The MLflow plugin `azureml-mlflow` can deploy models to Azure Machine Learning, either to Azure Kubernetes Service (AKS), Azure Container Instances (ACI) and Managed Online Endpoints for real-time serving. We recommend the use of Online Endpoints whenever possible, but both ACI and AKS (v1) are possible targets for deployment. 

In [None]:
%pip install mlflow_sdk_web_service.txt

Import the namespaces:

In [None]:
from mlflow.tracking import MlflowClient

import json
import requests
import mlflow
import pandas as pd

## 1. Connect to Azure Machine Learning Workspace

### If you are working in a Compute Instance in Azure Machine Learning

If you are working in Azure Machine Learning Compute Instances, you MLflow installation is automatically connected to Azure Machine Learning, and you don't need to do anything.

### If you are working in your local machine, or in a cloud outside Azure Machine Learning

You will need to connect MLflow to the Azure Machine Learning workspace you want to work on. MLflow uses the tracking URI to indicate the MLflow server you want to connect to.
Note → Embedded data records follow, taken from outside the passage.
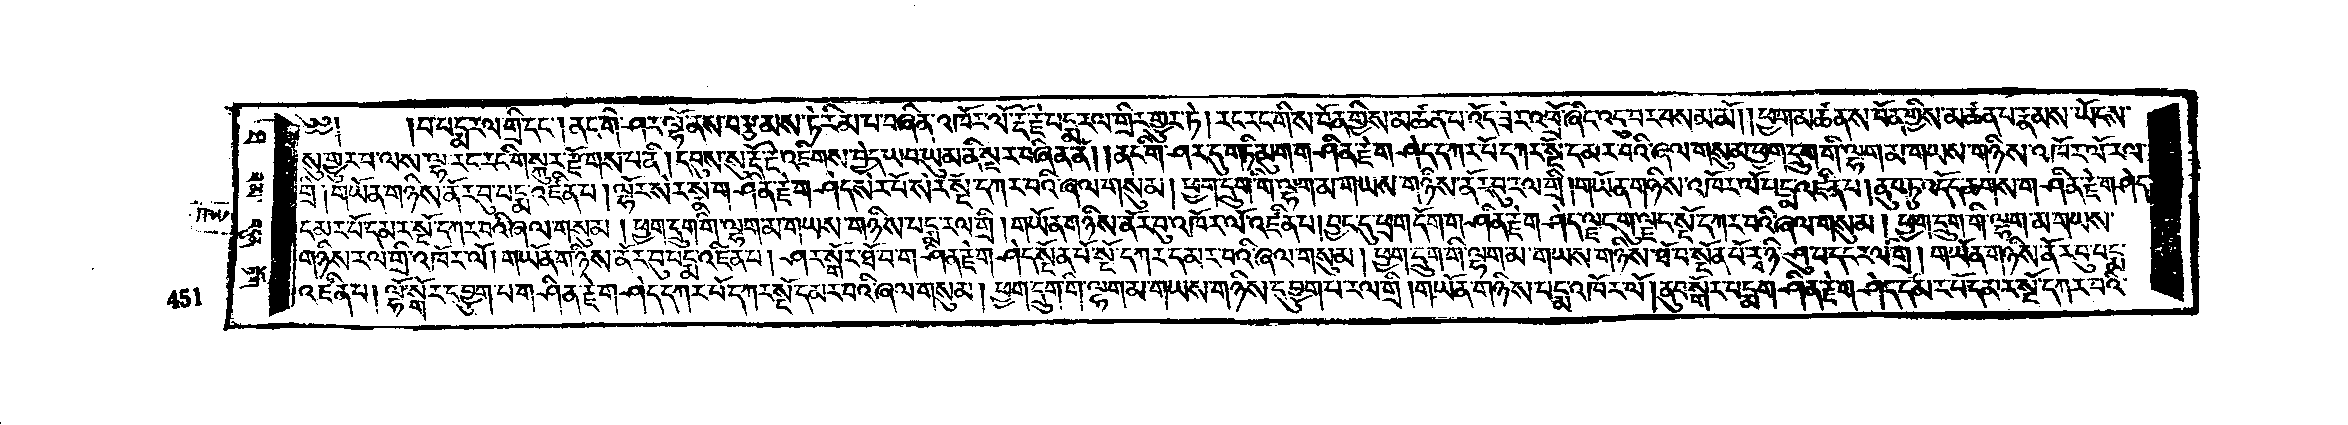༄༅། །པ་པདམ་རལ་གྲི་དང་། ནང་གི་ཤར་ལྷོ་ནས་བརྩམས་ཏེ་རིམ་པ་བཞིན་འཁོར་ལོ་རྡོ་རྗེ་པདམ་རལ་གྲིར་གྱུར་ཏེ། རང་རང་གི་ས་བོན་གྱིས་མཚན་པ་འོད་ཟེར་འཕྲོ་ཞིང་འདུ་བར་བསམ་མོ། །ཕྱག་མཚན་ས་བོན་གྱིས་མཚན་པ་རྣམས་ཡོངས་
སུ་གྱུར་པ་ལས་ལྷ་རང་རང་གི་སྐུར་རྫོགས་པ་ནི། དབུས་སུ་རྡོ་རྗེ་འཇིགས་བྱེད་ཡབ་ཡུམ་ནི་སྔར་བཞིན་ནོ། །ནང་གི་ཤར་དུ་གཏི་མུག་གཤིན་རྗེ་གཤེད་དཀར་པོ་དཀར་སྔོ་དམར་བའི་ཞལ་གསུམ་ཕྱག་དྲུག་གི་ལྷག་མ་གཡས་གཉིས་འཁོར་ལོ་རལ་
གྲི། གཡོན་གཉིས་ནོར་བུ་པདམ་འཛིན་པ། ལྷོར་སེར་སྣ་གཤིན་རྗེ་གཤེད་སེར་པོ་སེར་སྔོ་དཀར་བའི་ཞལ་གསུམ། ཕྱག་དྲུག་གི་ལྷག་མ་གཡས་གཉིས་ནོར་བུ་རལ་གྲི། གཡོན་གཉིས་འཁོར་ལོ་པདམ་འཛིན་པ། ནུབ་ཏུ་འདོད་ཆགས་གཤིན་རྗེ་གཤེད་
དམར་པོ་དམར་སྔོ་དཀར་བའི་ཞལ་གསུམ། ཕྱག་དྲུག་གི་ལྷག་མ་གཡས་གཉིས་པདམ་རལ་གྲི། གཡོན་གཉིས་ནོར་བུ་འཁོར་ལོ་འཛིན་པ། བྱང་དུ་ཕྲག་དོག་གཤིན་རྗེ་གཤེད་ལྗང་གུ་ལྗང་སྔོ་དཀར་བའི་ཞལ་གསུམ། ཕྱག་དྲུག་གི་ལྷག་མ་གཡས་
གཉིས་རལ་གྲི་འཁོར་ལོ། གཡོན་གཉིས་ནོར་བུ་པདམ་འཛིན་པ། ཤར་སྒོར་ཐོ་བ་གཤིན་རྗེ་གཤེད་སྔོན་པོ་སྔོ་དཀར་དམར་བའི་ཞལ་གསུམ། ཕྱག་དྲུག་གི་ལྷག་མ་གཡས་གཉིས་ཐོ་བ་སྔོན་པོ་རྭ་ཉི་ཤུ་པ་དང་རལ་གྲི། གཡོན་གཉིས་ནོར་བུ་པདམ་
འཛིན་པ། ལྷོ་སྒོར་དབྱུག་པ་གཤིན་རྗེ་གཤེད་དཀར་པོ་དཀར་སྔོ་དམར་བའི་ཞལ་གསུམ། ཕྱག་དྲུག་གི་ལྷག་མ་གཡས་གཉིས་དབྱུག་པ་རལ་གྲི། གཡོན་གཉིས་པདམ་འཁོར་ལོ། ནུབ་སྒོར་པདམ་གཤིན་རྗེ་གཤེད་དམར་པོ་དམར་སྔོ་དཀར་བའི་

There are multiple ways to get the Azure Machine Learning MLflow Tracking URI. In this tutorial we will use the Azure ML SDK for Python, but you can check [Set up tracking environment - Azure Machine Learning Docs](https://learn.microsoft.com/en-us/azure/machine-learning/how-to-use-mlflow-cli-runs#set-up-tracking-environment) for more alternatives.

In [None]:
subscription_id = "<SUBSCRIPTION_ID>"
resource_group = "<RESOURCE_GROUP>"
workspace = "<AML_WORKSPACE_NAME>"

In [None]:
from azure.ai.ml import MLClient
from azure.identity import DefaultAzureCredential

ml_client = MLClient(
    DefaultAzureCredential(), subscription_id, resource_group, workspace
)

You can use the workspace object to get the tracking URI:

In [None]:
azureml_tracking_uri = ml_client.workspaces.get(
    ml_client.workspace_name
).mlflow_tracking_uri
mlflow.set_tracking_uri(azureml_tracking_uri)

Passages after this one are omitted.